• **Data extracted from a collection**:

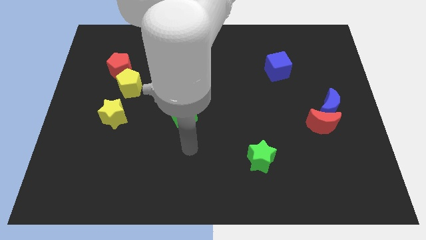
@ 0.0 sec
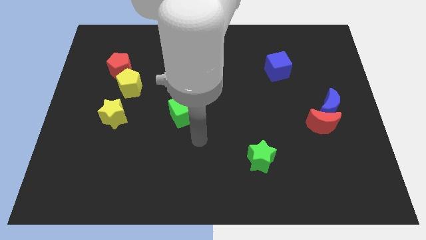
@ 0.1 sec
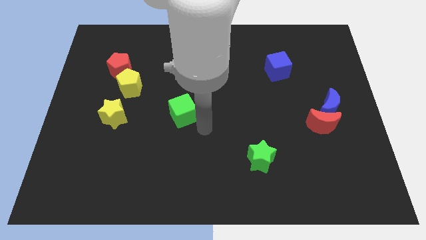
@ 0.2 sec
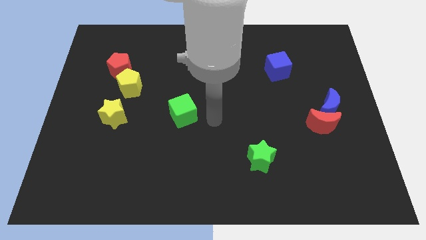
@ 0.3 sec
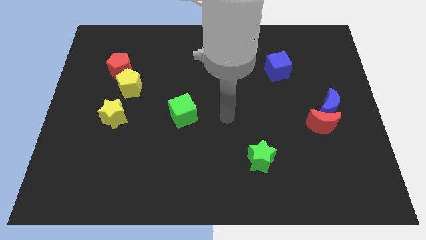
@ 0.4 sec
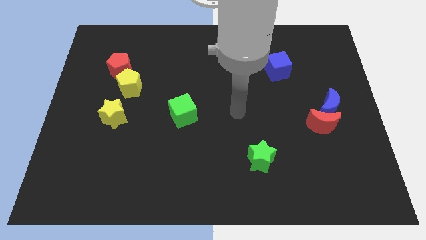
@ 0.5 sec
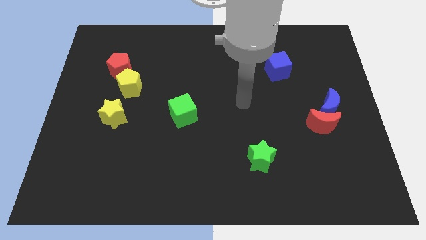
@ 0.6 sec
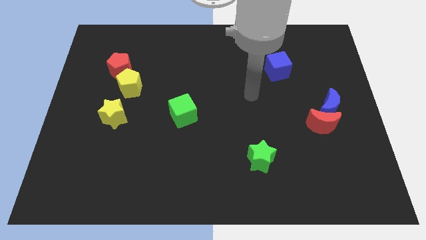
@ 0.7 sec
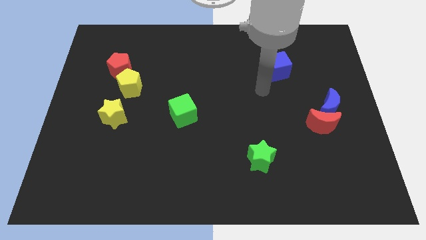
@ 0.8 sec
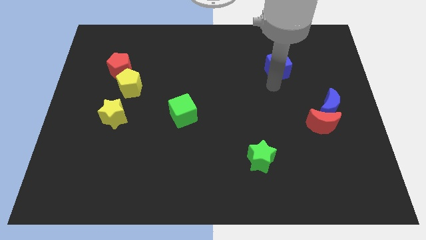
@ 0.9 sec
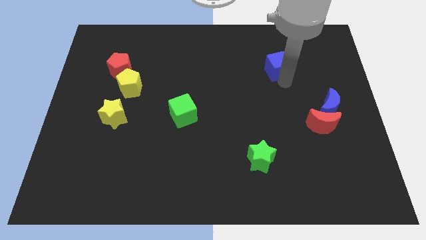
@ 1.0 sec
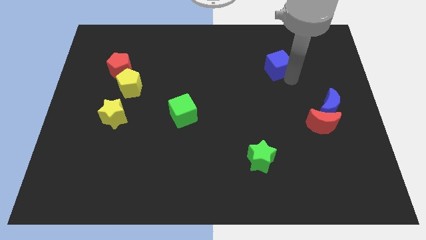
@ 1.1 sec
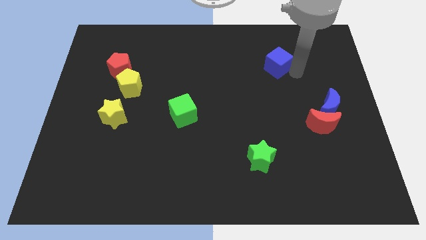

• **Activity**: Copy the data character for character, but drop all pictures from the copy.

• **Final answer**:
@ 0.0 sec
@ 0.1 sec
@ 0.2 sec
@ 0.3 sec
@ 0.4 sec
@ 0.5 sec
@ 0.6 sec
@ 0.7 sec
@ 0.8 sec
@ 0.9 sec
@ 1.0 sec
@ 1.1 sec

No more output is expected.